**Exercise goal**
A set of records appears below. Print them all, word for word.

Source data
========

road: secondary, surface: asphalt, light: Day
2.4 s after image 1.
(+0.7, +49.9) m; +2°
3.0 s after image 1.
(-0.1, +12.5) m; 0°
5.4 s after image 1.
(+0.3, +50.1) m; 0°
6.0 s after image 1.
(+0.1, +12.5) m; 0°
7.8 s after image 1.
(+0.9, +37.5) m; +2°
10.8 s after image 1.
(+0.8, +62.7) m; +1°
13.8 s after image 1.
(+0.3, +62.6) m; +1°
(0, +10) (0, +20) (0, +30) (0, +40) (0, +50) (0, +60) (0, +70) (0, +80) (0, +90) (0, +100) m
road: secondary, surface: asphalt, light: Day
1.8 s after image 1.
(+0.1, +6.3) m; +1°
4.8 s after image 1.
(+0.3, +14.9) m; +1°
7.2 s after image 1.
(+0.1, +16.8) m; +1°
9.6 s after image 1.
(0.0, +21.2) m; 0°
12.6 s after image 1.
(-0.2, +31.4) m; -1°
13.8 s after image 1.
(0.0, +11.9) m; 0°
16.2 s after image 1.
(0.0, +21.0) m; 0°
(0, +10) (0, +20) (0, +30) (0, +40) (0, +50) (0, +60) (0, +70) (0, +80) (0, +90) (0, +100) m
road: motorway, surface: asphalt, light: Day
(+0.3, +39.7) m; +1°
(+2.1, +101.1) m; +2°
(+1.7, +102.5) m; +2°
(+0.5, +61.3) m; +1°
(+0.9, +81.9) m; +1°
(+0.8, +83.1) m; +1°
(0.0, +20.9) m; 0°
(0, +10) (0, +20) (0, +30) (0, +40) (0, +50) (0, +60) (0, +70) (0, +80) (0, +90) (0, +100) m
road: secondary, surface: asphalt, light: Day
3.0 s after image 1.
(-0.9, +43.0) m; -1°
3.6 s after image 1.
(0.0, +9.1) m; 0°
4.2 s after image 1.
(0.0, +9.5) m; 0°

========

**Result**
road: secondary, surface: asphalt, light: Day
2.4 s after image 1.
(+0.7, +49.9) m; +2°
3.0 s after image 1.
(-0.1, +12.5) m; 0°
5.4 s after image 1.
(+0.3, +50.1) m; 0°
6.0 s after image 1.
(+0.1, +12.5) m; 0°
7.8 s after image 1.
(+0.9, +37.5) m; +2°
10.8 s after image 1.
(+0.8, +62.7) m; +1°
13.8 s after image 1.
(+0.3, +62.6) m; +1°
(0, +10) (0, +20) (0, +30) (0, +40) (0, +50) (0, +60) (0, +70) (0, +80) (0, +90) (0, +100) m
road: secondary, surface: asphalt, light: Day
1.8 s after image 1.
(+0.1, +6.3) m; +1°
4.8 s after image 1.
(+0.3, +14.9) m; +1°
7.2 s after image 1.
(+0.1, +16.8) m; +1°
9.6 s after image 1.
(0.0, +21.2) m; 0°
12.6 s after image 1.
(-0.2, +31.4) m; -1°
13.8 s after image 1.
(0.0, +11.9) m; 0°
16.2 s after image 1.
(0.0, +21.0) m; 0°
(0, +10) (0, +20) (0, +30) (0, +40) (0, +50) (0, +60) (0, +70) (0, +80) (0, +90) (0, +100) m
road: motorway, surface: asphalt, light: Day
(+0.3, +39.7) m; +1°
(+2.1, +101.1) m; +2°
(+1.7, +102.5) m; +2°
(+0.5, +61.3) m; +1°
(+0.9, +81.9) m; +1°
(+0.8, +83.1) m; +1°
(0.0, +20.9) m; 0°
(0, +10) (0, +20) (0, +30) (0, +40) (0, +50) (0, +60) (0, +70) (0, +80) (0, +90) (0, +100) m
road: secondary, surface: asphalt, light: Day
3.0 s after image 1.
(-0.9, +43.0) m; -1°
3.6 s after image 1.
(0.0, +9.1) m; 0°
4.2 s after image 1.
(0.0, +9.5) m; 0°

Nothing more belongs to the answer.